Although embodiments have been described with reference to a number of illustrative embodiments thereof, it should be understood that numerous other modifications and embodiments can be devised by those skilled in the art that will fall within the spirit and scope of the principles of this disclosure. More particularly, various variations and modifications are possible in the component parts and/or arrangements of the subject combination arrangement within the scope of the appended claims.
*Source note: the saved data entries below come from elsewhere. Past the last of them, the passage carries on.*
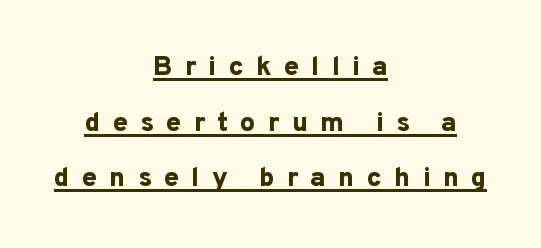
Q: Is the text bold? A: Yes.
Q: Is the text italic (slanted)? A: No, it is upright.
Q: Is the text underlined? A: Yes.
Q: How is the paragraph aligned? A: Centered.
Q: Is the spacing between letters normal or unusually wide? A: Unusually wide.
Q: Is the spacing between lines tight, normal or loose? A: Loose.
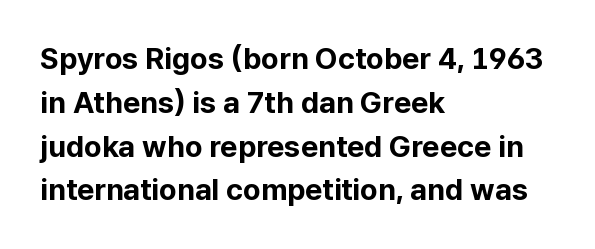
Q: Is the text bold? A: Yes.
Q: Is the text italic (slanted)? A: No, it is upright.
Q: Is the typeface a serif or a sans-serif typeface? A: Sans-serif.
Q: Is the text underlined? A: No.
Q: How is the paragraph aligned? A: Left-aligned.
Q: Is the spacing between letters normal or unusually wide? A: Normal.
Q: Is the spacing between lines tight, normal or loose? A: Normal.
Q: Width (condensed, normal, or wide)? A: Normal.
Q: Stroke contrast? A: Low.
Q: x-height? A: Medium.
Q: Monospaced? A: No.
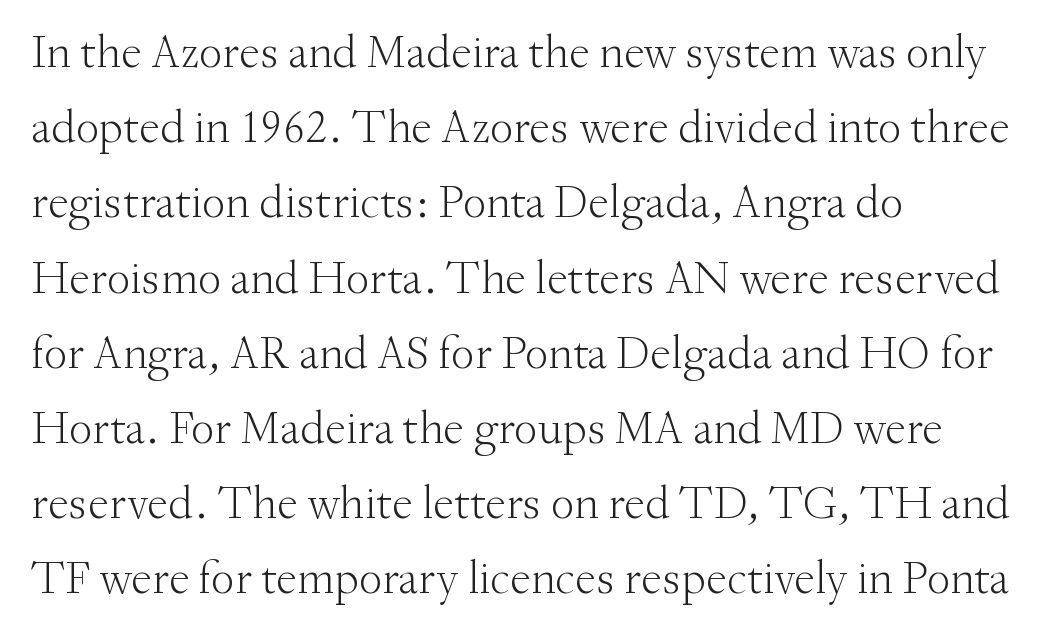
The image shows 47 px light serif type, upright; set left-aligned, normal line spacing (1.6x), normal letter spacing, not underlined; medium stroke contrast and a small x-height.
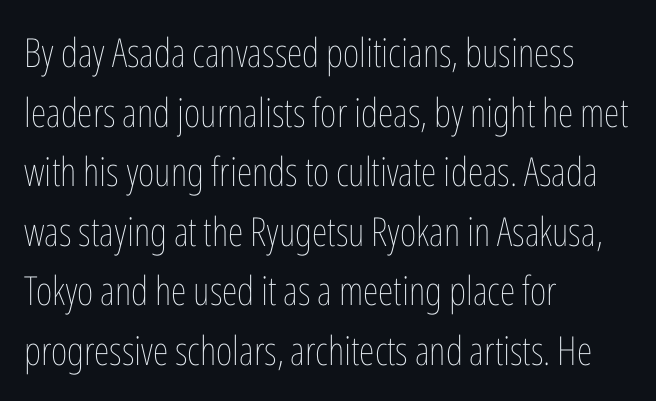
{"italic": "no", "bold": "no", "weight": "thin", "width": "condensed", "stroke_contrast": "low", "x_height": "medium", "monospaced": "no", "underline": "no", "align": "left", "line_spacing": "normal", "line_spacing_ratio": 1.49, "letter_spacing": "normal", "letter_spacing_em": 0.0, "glyph_px": 40}
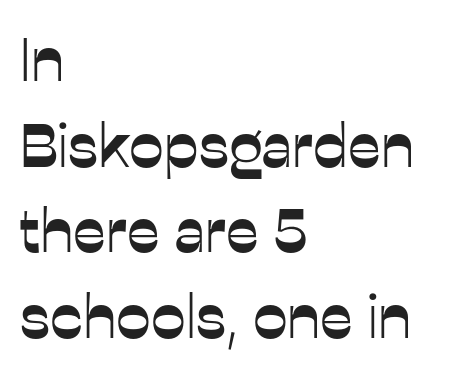
Q: Is the text italic (slanted)? A: No, it is upright.
Q: Is the typeface a serif or a sans-serif typeface? A: Sans-serif.
Q: Is the text underlined? A: No.
Q: How is the paragraph aligned? A: Left-aligned.
Q: Is the spacing between letters normal or unusually wide? A: Normal.
Q: Is the spacing between lines tight, normal or loose? A: Normal.
Q: Width (condensed, normal, or wide)? A: Normal.
Q: Stroke contrast? A: Low.
Q: x-height? A: Medium.
Q: Monospaced? A: No.
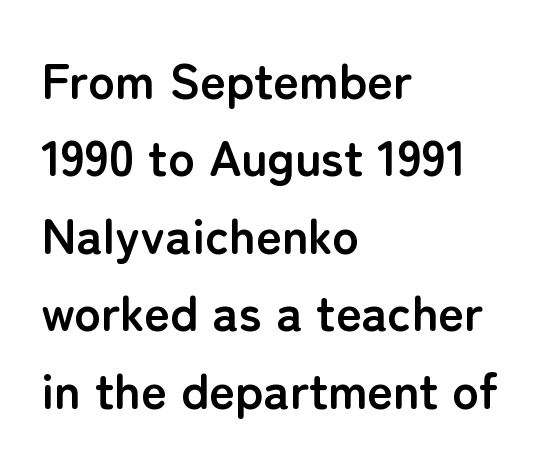
{"serif": "no", "italic": "no", "bold": "yes", "weight": "semibold", "width": "normal", "stroke_contrast": "low", "x_height": "medium", "monospaced": "no", "underline": "no", "align": "left", "line_spacing": "normal", "line_spacing_ratio": 1.55, "letter_spacing": "normal", "letter_spacing_em": 0.0, "glyph_px": 50}
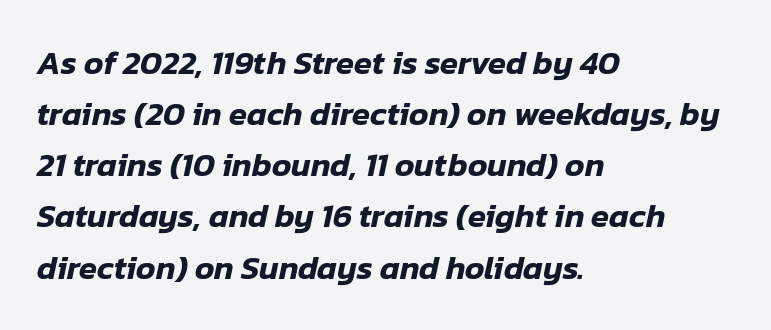
The image shows 33 px text type, italic (leaning right); set left-aligned, normal line spacing (1.55x), normal letter spacing, not underlined; low stroke contrast and a medium x-height.
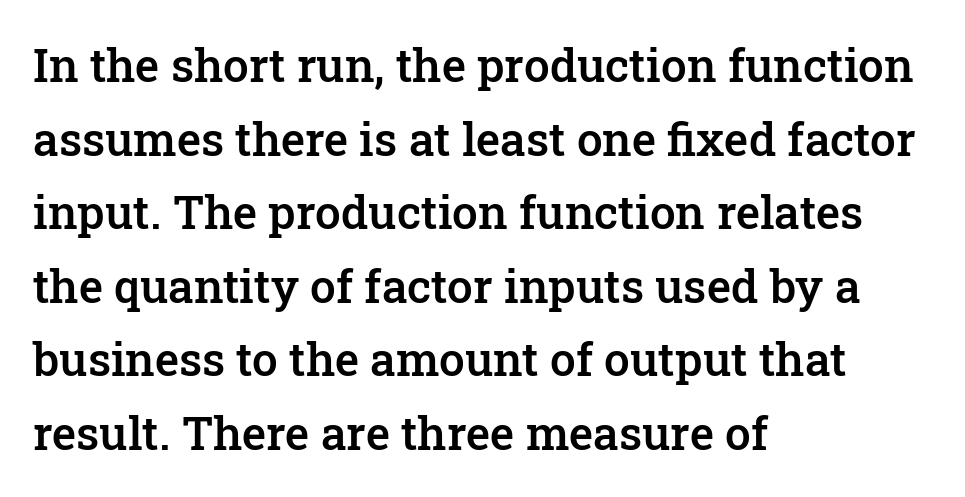
Spacing between characters is what you'd get straight out of the box. Where is the straight margin? On the left. The letters stand straight up with perfectly vertical stems. Notice how descenders clear the ascenders below comfortably — that's standard leading. This sample has the flowing, uneven cadence of proportional lettering. I'd call this a serif setting — the letters wear small feet.
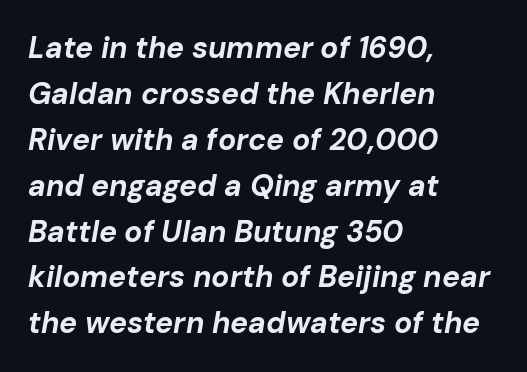
The image shows 30 px bold type, italic (leaning right); set left-aligned, normal line spacing (1.53x), normal letter spacing, not underlined; low stroke contrast and a medium x-height.
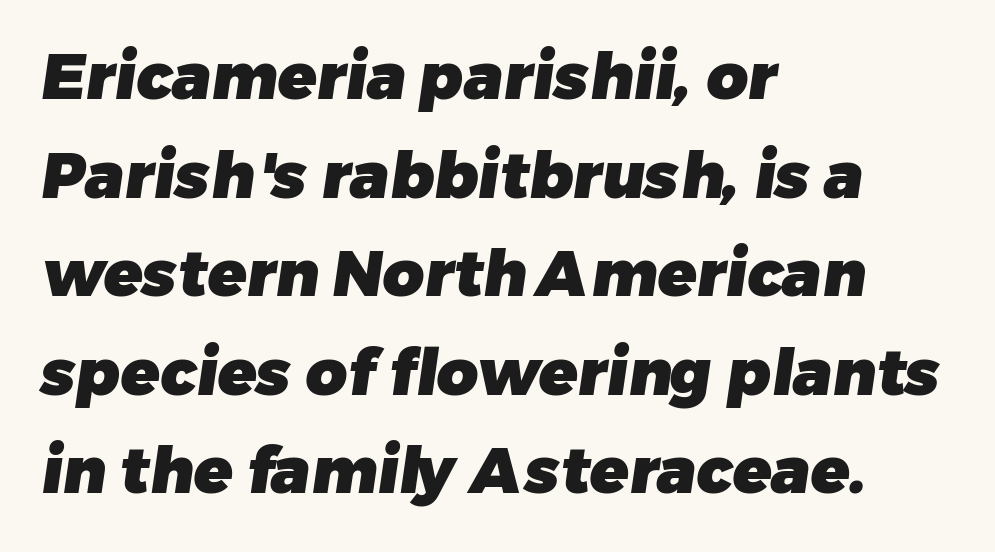
The image shows 64 px heavy sans-serif type; set left-aligned, normal line spacing (1.54x), normal letter spacing, not underlined; low stroke contrast and a medium x-height.

In addition to variations and modifications in the component parts and/or arrangements, alternative uses will also be apparent to those skilled in the art.

Claims

1. A semiconductor device, comprising:

a semiconductor substrate of a first conductivity type;

an epitaxial layer of the first conductivity type on the semiconductor substrate;

a base region of a second conductivity type on the epitaxial layer, the base region including subregions spaced apart from one another by a predetermined distance;

a source region of the first conductivity type on the base region;

a drain region of the first conductivity type between the subregions of the base region;

a trench penetrating through the source region and the base region;

a first gate conductive layer within the trench; and

a second gate conductive layer on an exposed portion of the base region.

2. The semiconductor device according to claim 1, wherein the base region has a semicircular or rectangular cross-section.

3. The semiconductor device according to claim 1, wherein the drain region is connected to the semiconductor substrate.

4. A method for fabricating a semiconductor device, comprising:

forming an epitaxial layer of a first conductivity type on a semiconductor substrate of the first conductivity type;

forming a base region of a second conductivity type on the epitaxial layer, the base region including a plurality of subregions spaced apart from one another;

forming a source region of the first conductivity type in the base region, and a heavily-doped region of the first conductivity type between the subregions of the base region;

forming a trench passing through the source region and the base region; and

forming a first gate conductive layer within the trench, and a second gate conductive layer on the base region.

5. The method according to claim 4, wherein the base region has a semicircular or rectangular cross-section.

6. The method according to claim 4, wherein the drain region is connected to the semiconductor substrate.

7. A semiconductor device, comprising:

a first gate region vertical to a substrate;

a second gate region horizontal to the substrate; and

a drain region connected to the substrate.

8. The semiconductor device according to claim 7, wherein the first gate region comprises a trench structure.

9. The semiconductor device according to claim 7, wherein the first gate region and the second gate region form a channel.

10. The semiconductor device according to claim 7, further comprising a base region extending from the first gate region to the second gate region.

11. The semiconductor device according to claim 7, further comprising a heavily-doped region and a lightly-doped base region extending from the first gate region to the second gate region.

12. The semiconductor device according to claim 7, further comprising a base region extending from the first gate region to the second gate region, the base region having a semispherical shape, a semicylindrical shape, or a rectangular-pillar shape.

13. The semiconductor device according to claim 7, wherein the drain region is connected to the substrate.

14. The semiconductor device according to claim 7, wherein the drain region is horizontal to the substrate.

15. The semiconductor device according to claim 7, wherein the first gate region is connected to the second gate region through a conductor.

16. The semiconductor device according to claim 7, wherein the first gate region, the second gate region, and the drain region are formed on an epitaxial layer over the substrate.

17. The semiconductor device according to claim 16, wherein the drain region is connected to the substrate through the epitaxial layer.